Just as when Zillow Offers went belly-up, people are now saying, “Does the end of Redfin Now mean that iBuyers are over?”
The short answer is no. The long answer is a little more complicated. That’s because iBuyers have been around forever. There aren’t really two iBuyers — Opendoor and Offerpad — left. There are plenty of large institutional investors that buy direct from the consumer. They just don’t market themselves aggressively in the same way that some of the larger, now-failed, iBuyers do (or did).
There are four different types of investor categories: The large iBuyers like Opendoor and Offerpad, the large institutional investors like Wedgewood, investor-focused marketplaces, and individual or small-scale investors.
All of them will broker cooperate and work with you as an agent. The difference is that you’re more likely to have a relationship of some kind — maybe even an ongoing professional relationship over the course of many years — with any of the last three categories than you are with Opendoor and Offerpad, at least as they’re currently doing business.
That agent relationship for an investor is critical. They know it. Even your local buy-and-hold investor might be willing to pay more for your client’s listing right now than Opendoor and Offerpad because they’re constrained by their algorithms and that local investor is not.
In addition, Opendoor and Offerpad don’t want ugly houses. Many investors will be happy to take an ugly house off your hands and make it work with some aspect of their investor business. Maybe they’ll flip it completely, or maybe they’ll do some minor repairs and rent it out. They have more flexibility and the ability to look at the needs of each specific property.
In short, the problem for the struggling big-name iBuyers is not their business model. It’s the focus on disruption. The other investors who are doing the same thing, even on a large scale in multiple states, are succeeding in many cases because they are closer to the agent and closer to the industry.
AI and computer algorithms are never going to replace the person valuing the property. Zillow and their automated ARVs came out of their iBuyer experience and realized the error of their ways. That’s why they aren’t even putting the Zestimate on listings anymore. They ultimately found out they were basing everything on what turned out to be false values.
To be successful right now, any investor, iBuyers included, needs to figure out how to be more nimble in a depreciated market. Look at the bigger institutional investors and find out what they’re doing right. Buying for fees, buying for the commission, whatever the strategy, there are ways to make it work.
Wedgewood and others like them, built on a foundation of buy and flip, rehab, and revitalization, actually know how to navigate a market like this. It’s a human who’s looking at their properties, not a computer. The lesson? Invest in people, not technology.
Having been in the disposition world for years, managing the disposition of assets for Wedgewood in multiple states, I can tell you that if nobody’s driving properties and getting boots on the ground, you can’t expect good results. Views, nearby commercial districts, the lot’s proximity to unattractive features — a computer’s not taking those factors into consideration.

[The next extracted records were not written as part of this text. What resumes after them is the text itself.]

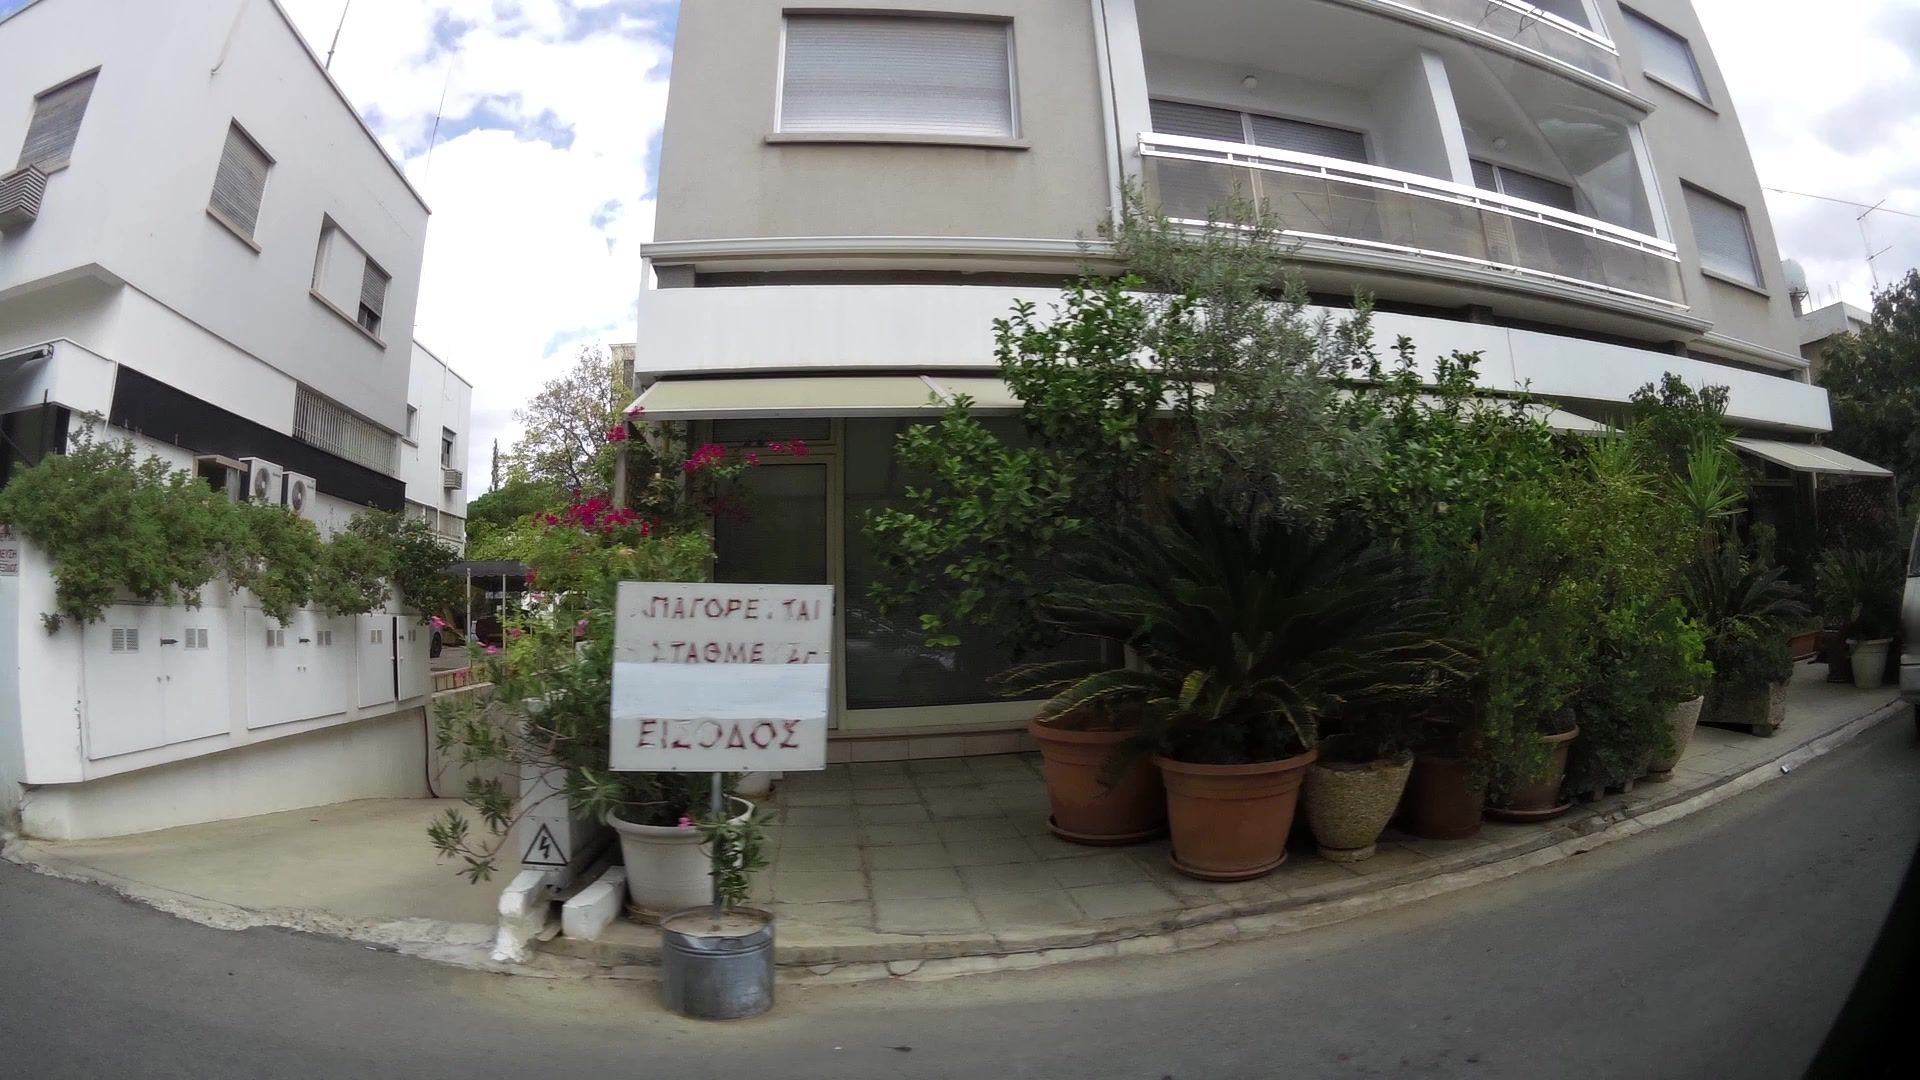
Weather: clear
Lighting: day
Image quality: good
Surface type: driving surface
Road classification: residential
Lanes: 2
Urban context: urban centre
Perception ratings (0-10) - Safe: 2.31, Lively: 4.32, Beautiful: 6.18, Boring: 5.14, Depressing: 7.44, Wealthy: 4.54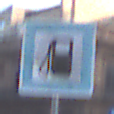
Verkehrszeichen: Tankstelle
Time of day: SunriseSunset
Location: Outdoor (Urban)
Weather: PartlyCloudy
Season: NotSpecified
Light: Natural
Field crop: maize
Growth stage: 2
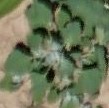
Species: chenopodium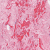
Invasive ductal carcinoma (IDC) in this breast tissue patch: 0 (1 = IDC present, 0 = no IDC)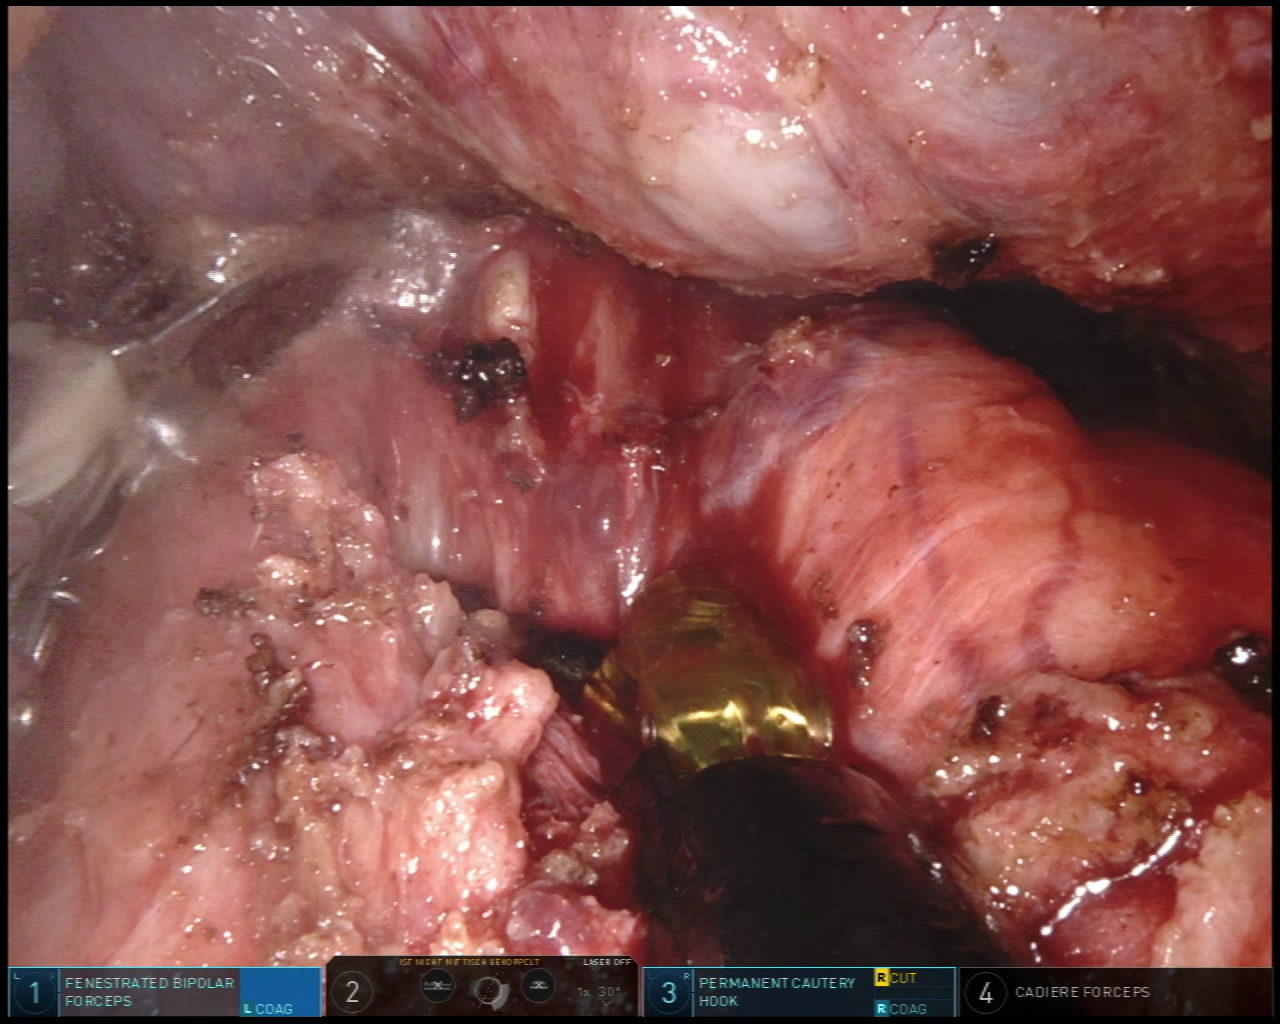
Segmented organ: vesicular_glands
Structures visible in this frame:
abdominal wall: no
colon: no
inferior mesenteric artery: no
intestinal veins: no
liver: no
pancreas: no
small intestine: no
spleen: no
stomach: no
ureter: no
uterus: no
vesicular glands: yes
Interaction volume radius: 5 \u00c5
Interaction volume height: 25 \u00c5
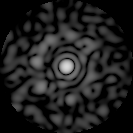
Disorder parameter: 0.8231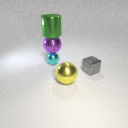
large green metal cylinder above large purple metal sphere
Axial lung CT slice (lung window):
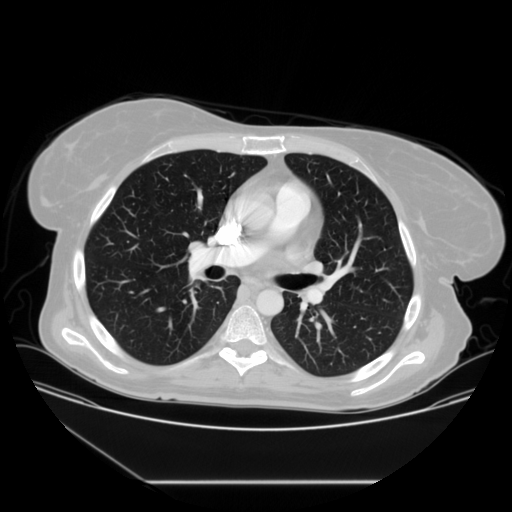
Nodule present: no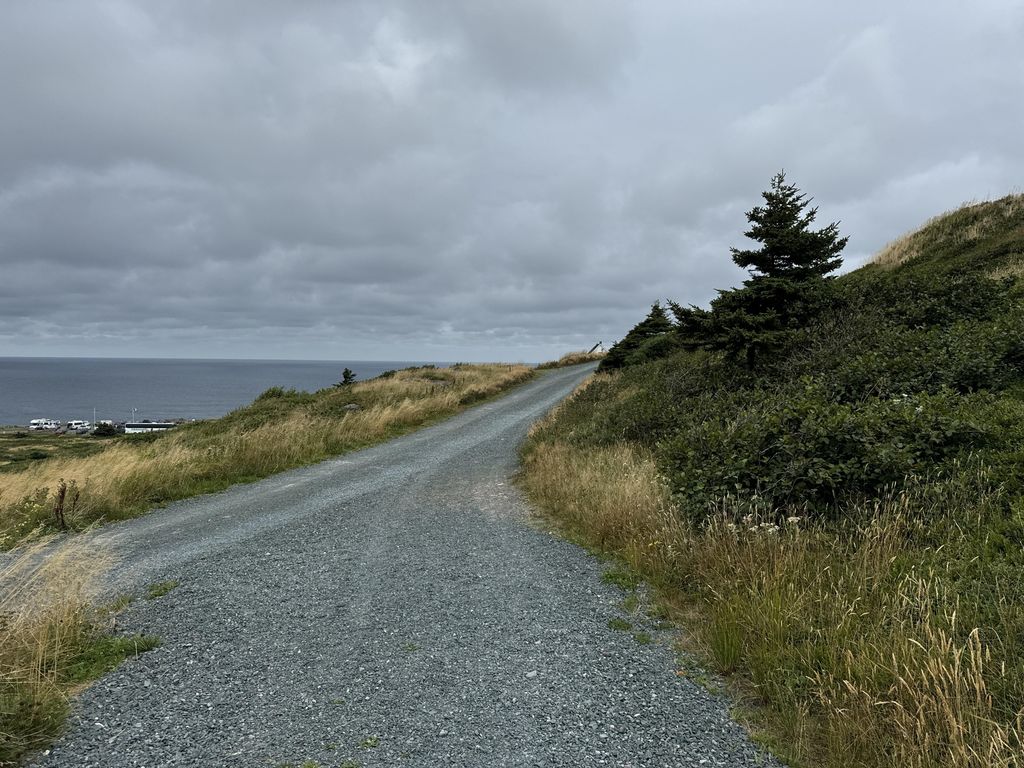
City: st_johns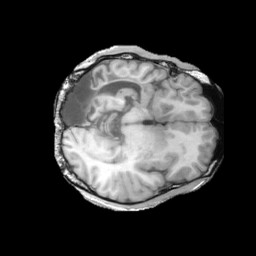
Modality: T1w
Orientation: axial
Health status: ill
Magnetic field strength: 3 T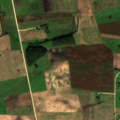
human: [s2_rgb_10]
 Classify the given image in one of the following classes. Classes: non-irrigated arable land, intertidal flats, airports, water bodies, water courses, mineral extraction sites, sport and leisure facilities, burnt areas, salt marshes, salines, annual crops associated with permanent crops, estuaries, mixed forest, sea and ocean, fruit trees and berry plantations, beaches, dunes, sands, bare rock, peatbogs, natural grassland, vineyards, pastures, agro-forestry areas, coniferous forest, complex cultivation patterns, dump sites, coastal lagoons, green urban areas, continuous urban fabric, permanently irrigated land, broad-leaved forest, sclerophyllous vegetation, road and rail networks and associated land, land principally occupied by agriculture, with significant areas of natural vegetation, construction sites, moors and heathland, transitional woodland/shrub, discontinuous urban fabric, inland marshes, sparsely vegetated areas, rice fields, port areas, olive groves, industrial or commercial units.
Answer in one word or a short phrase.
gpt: non-irrigated arable land, complex cultivation patterns, land principally occupied by agriculture, with significant areas of natural vegetation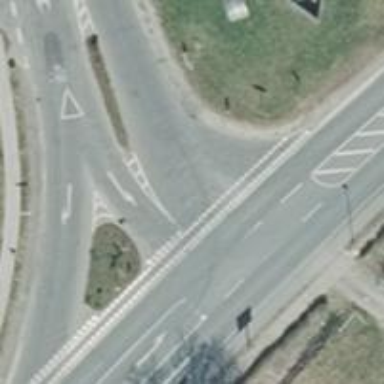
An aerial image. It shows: Secondary road with asphalt surface.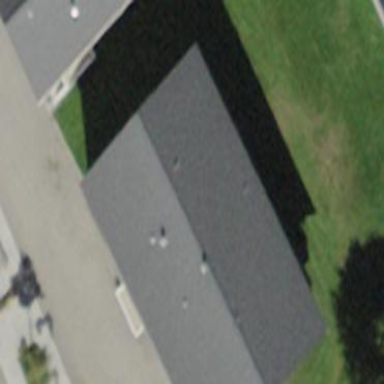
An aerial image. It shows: Tan house with gabled roof oriented along.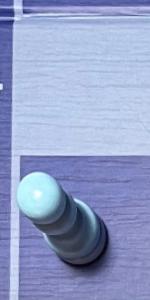
Label: Pawn_White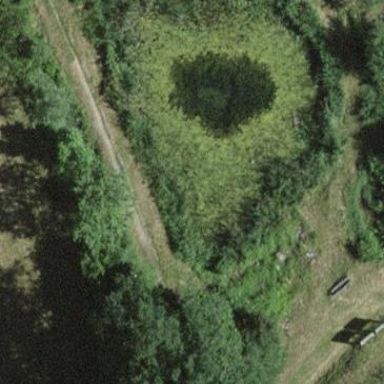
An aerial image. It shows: Peaceful pond surrounded by nature.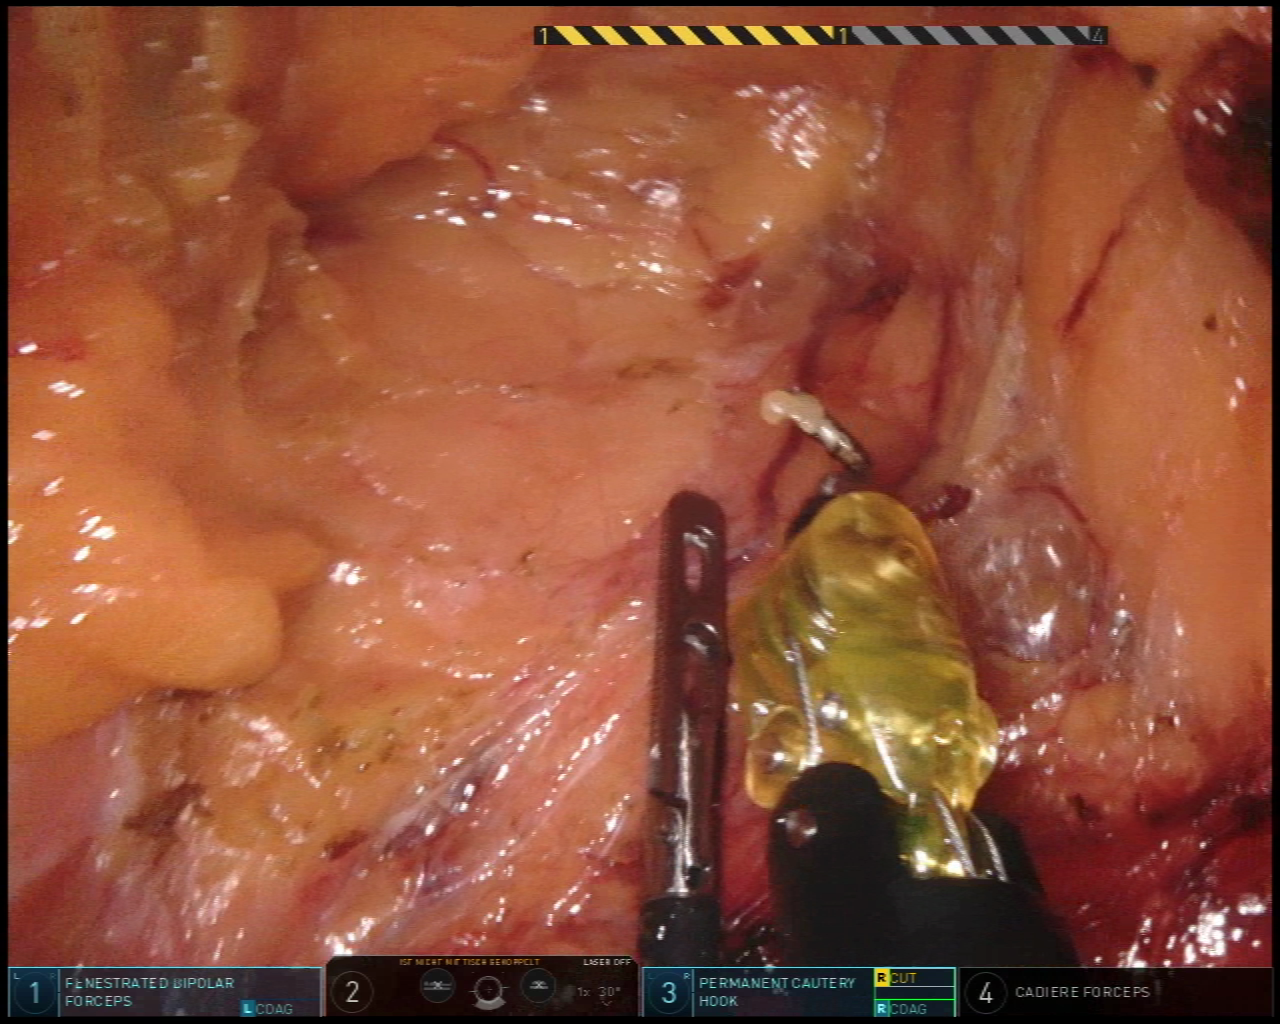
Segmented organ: pancreas
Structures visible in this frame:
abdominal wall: no
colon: no
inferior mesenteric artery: no
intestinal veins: no
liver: no
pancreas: yes
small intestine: no
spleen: no
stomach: no
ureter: no
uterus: no
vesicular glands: no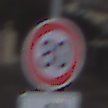
Verkehrszeichen: Geschwindigkeit80
Zusatzzeichen unten: HinweisDurchSinnbild14
Umgebung: Outdoor, Urban
Tageszeit: MorningAfternoon
Wetter: PartlyCloudy
Licht: Natural
Jahreszeit: NotSpecified
Kontrast: HighContrast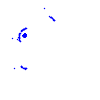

None of these iBuyers were adding value to the homes they were buying. That means the margins are even tighter, so they can’t afford to make any mistakes in valuation. That’s hard enough to do in a robust, rising market. It’s virtually impossible to do in a depreciating market with limited in-person information.
In addition, you have to know when to cut and sell. Do the large iBuyers have the flexibility and the speed built into their model to allow them to react to the market in real-time? This is the time for Opendoor and Offerpad to get rid of the properties that aren’t going to work, get them off the books, and go in on properties bought with a human eye and an expert’s evaluation. Selling the house is the easy part, if it’s the right house for its market.
If you’ve ever read the book Ready Player One by Ernest Cline, you may recall that the characters spend too much time in the virtual world and forget how to communicate with normal people. That’s sort of how I see the failed iBuyers.
Remember, the ones that failed — Redfin and Zillow — were internet search platforms to begin with. They had no business in iBuying and no real interest in the industry or the consumer. They got into iBuying with a bunch of cash trying to fatten their bottom line.
They were so focused on disrupting the industry that they lost touch with the realities that make it work.
They forgot that the view from your living room window can make all the difference in how that home is perceived by the market. They forgot that sometimes, a real estate agent’s opinion of value or a well-hosted open house can be a game-changer, especially in a tight market.
How do we rethink the “i” in iBuyer? Is it internet, investor or institution? There’s a place for Opendoor and Offerpad in the industry and a role for all of us to play. We just need to find ways to work together as complementary parts of the industry. We need to share the common goal of making the buying and selling experience the best it can be by keeping people in the driver’s seat.